* _Problem_: Output the data in full. Keep every word exact and exclude the pictures.

* _Information provided_:

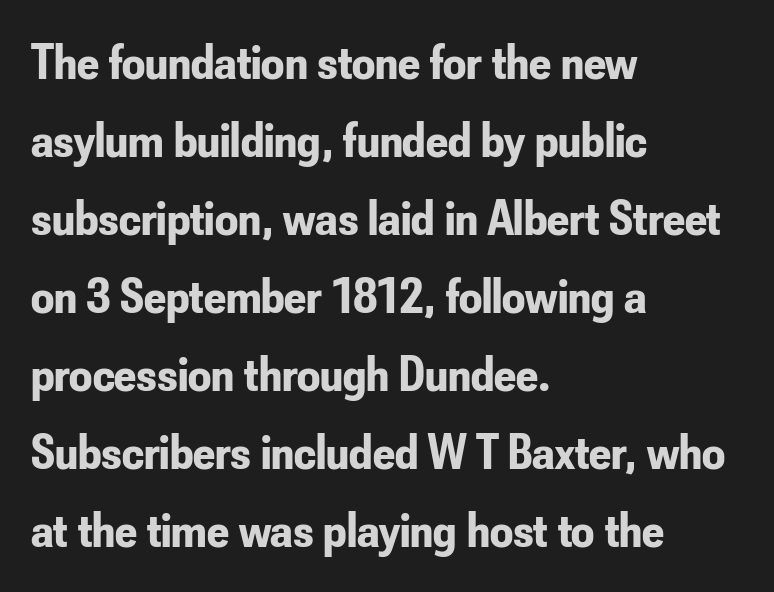
Typeset ragged right — the left edge is the straight one. The axis of the letterforms is exactly vertical. You could not count columns in this text — the font is proportionally spaced. The glyphs are unaccompanied by any horizontal stroke below them. The letters carry no serifs — their stems end cleanly without finishing strokes.
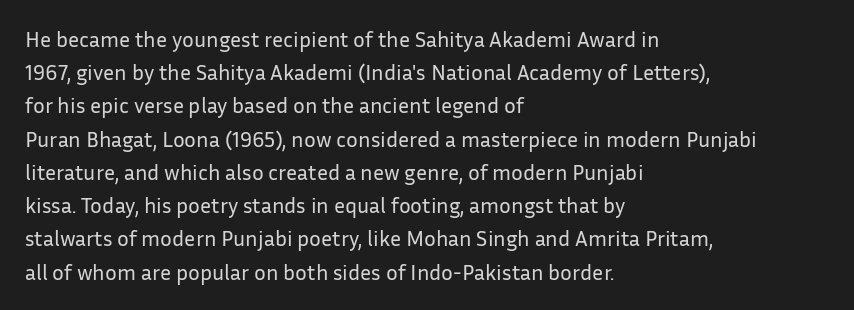
{"italic": "no", "bold": "no", "underline": "no", "align": "left", "line_spacing": "normal", "line_spacing_ratio": 1.51, "letter_spacing": "normal", "letter_spacing_em": 0.0, "glyph_px": 22}
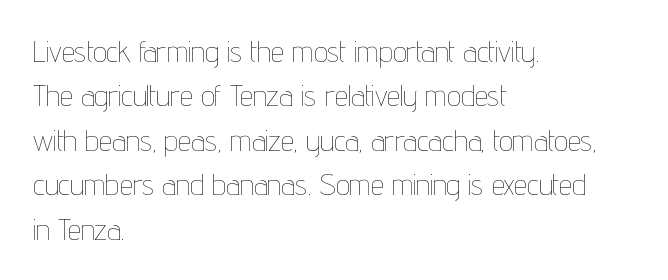
{"italic": "no", "bold": "no", "weight": "thin", "width": "condensed", "stroke_contrast": "low", "x_height": "medium", "monospaced": "no", "underline": "no", "align": "left", "line_spacing": "normal", "line_spacing_ratio": 1.48, "letter_spacing": "normal", "letter_spacing_em": 0.0, "glyph_px": 30}
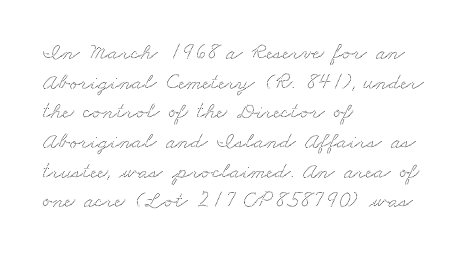
The image shows 23 px text type; set left-aligned, normal line spacing (1.29x), normal letter spacing, not underlined.
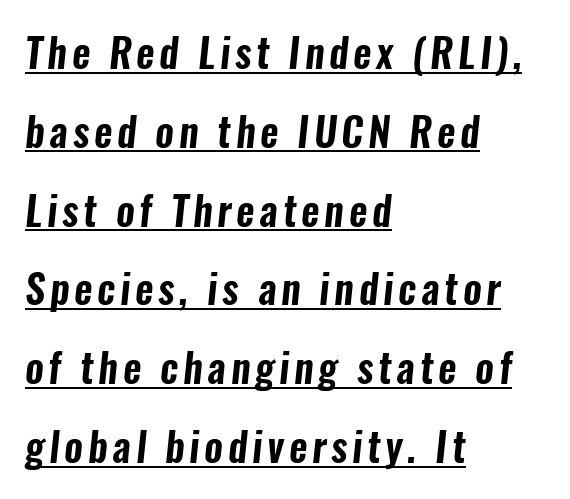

* _Output of the exercise_:
Typeset ragged right — the left edge is the straight one. The axis of the letterforms is exactly vertical. You could not count columns in this text — the font is proportionally spaced. The glyphs are unaccompanied by any horizontal stroke below them. The letters carry no serifs — their stems end cleanly without finishing strokes.
{"italic": "no", "bold": "no", "underline": "no", "align": "left", "line_spacing": "normal", "line_spacing_ratio": 1.51, "letter_spacing": "normal", "letter_spacing_em": 0.0, "glyph_px": 22}
{"italic": "no", "bold": "no", "weight": "thin", "width": "condensed", "stroke_contrast": "low", "x_height": "medium", "monospaced": "no", "underline": "no", "align": "left", "line_spacing": "normal", "line_spacing_ratio": 1.48, "letter_spacing": "normal", "letter_spacing_em": 0.0, "glyph_px": 30}
The image shows 23 px text type; set left-aligned, normal line spacing (1.29x), normal letter spacing, not underlined.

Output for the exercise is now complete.